◆ Supplied data

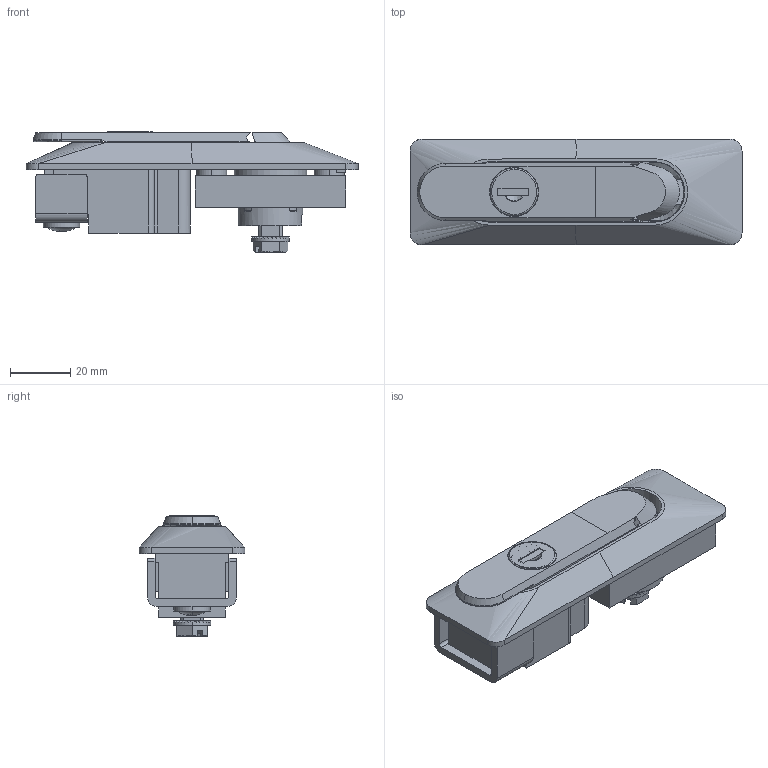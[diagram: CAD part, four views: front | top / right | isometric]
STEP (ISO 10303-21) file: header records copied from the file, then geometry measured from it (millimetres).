
FILE_DESCRIPTION (( 'STEP AP214' ), '1' );
FILE_NAME ('308.12.2.03.00.STEP', '2017-07-19T13:32:01', ( '' ), ( '' ), 'SwSTEP 2.0', 'SolidWorks 2017', '' );
FILE_SCHEMA (( 'AUTOMOTIVE_DESIGN' ));
Length unit declared in the file: millimetre
Products named in the file (22): 30603062_3; _843; _832; _630; 30603062_2; 30603062; 004_006 Arka Kapak; 32005008; 32005041; _60; _55; _73; _110; _326; 22003273; _86; hexagon head screw ISO 4017A M6_12 b_14mm l_6mm; 308.12.2.03.00; _843_2; _832_2; _630_2; 30603062_4
Assembly tree (21 placements, depth 2):
  308.12.2.03.00
    _86
    _326
    _73
    _55
    _60
    32005041
    32005008
    004_006 Arka Kapak
    30603062
    30603062_2
    _630
    _832
    _843
    30603062_3
    30603062_4
    _630_2
    _832_2
    _843_2
    hexagon head screw ISO 4017A M6_12 b_14mm l_6mm
    22003273
    _110
Bounding box: 110 x 35 x 39.8 mm (x, y, z)
Volume: 40209.8 mm3; surface area: 41116 mm2
Topology: 12 solids, 22 shells, 1041 faces, 2877 edges, 1857 vertices
Faces by surface type: plane 542, cylinder 293, bspline 170, cone 34, torus 2
Entity records: 45943 total; most frequent: CARTESIAN_POINT 19873, ORIENTED_EDGE 5581, DIRECTION 4849, EDGE_CURVE 2857, VERTEX_POINT 1857, AXIS2_PLACEMENT_3D 1648, VECTOR 1553, LINE 1553

◆ Exercise objective
Without any pictures, output the entries above exactly as they appear.

◆ Completed task
[diagram: CAD part, four views: front | top / right | isometric]
STEP (ISO 10303-21) file: header records copied from the file, then geometry measured from it (millimetres).
FILE_DESCRIPTION (( 'STEP AP214' ), '1' );
FILE_NAME ('308.12.2.03.00.STEP', '2017-07-19T13:32:01', ( '' ), ( '' ), 'SwSTEP 2.0', 'SolidWorks 2017', '' );
FILE_SCHEMA (( 'AUTOMOTIVE_DESIGN' ));
Length unit declared in the file: millimetre
Products named in the file (22): 30603062_3; _843; _832; _630; 30603062_2; 30603062; 004_006 Arka Kapak; 32005008; 32005041; _60; _55; _73; _110; _326; 22003273; _86; hexagon head screw ISO 4017A M6_12 b_14mm l_6mm; 308.12.2.03.00; _843_2; _832_2; _630_2; 30603062_4
Assembly tree (21 placements, depth 2):
  308.12.2.03.00
    _86
    _326
    _73
    _55
    _60
    32005041
    32005008
    004_006 Arka Kapak
    30603062
    30603062_2
    _630
    _832
    _843
    30603062_3
    30603062_4
    _630_2
    _832_2
    _843_2
    hexagon head screw ISO 4017A M6_12 b_14mm l_6mm
    22003273
    _110
Bounding box: 110 x 35 x 39.8 mm (x, y, z)
Volume: 40209.8 mm3; surface area: 41116 mm2
Topology: 12 solids, 22 shells, 1041 faces, 2877 edges, 1857 vertices
Faces by surface type: plane 542, cylinder 293, bspline 170, cone 34, torus 2
Entity records: 45943 total; most frequent: CARTESIAN_POINT 19873, ORIENTED_EDGE 5581, DIRECTION 4849, EDGE_CURVE 2857, VERTEX_POINT 1857, AXIS2_PLACEMENT_3D 1648, VECTOR 1553, LINE 1553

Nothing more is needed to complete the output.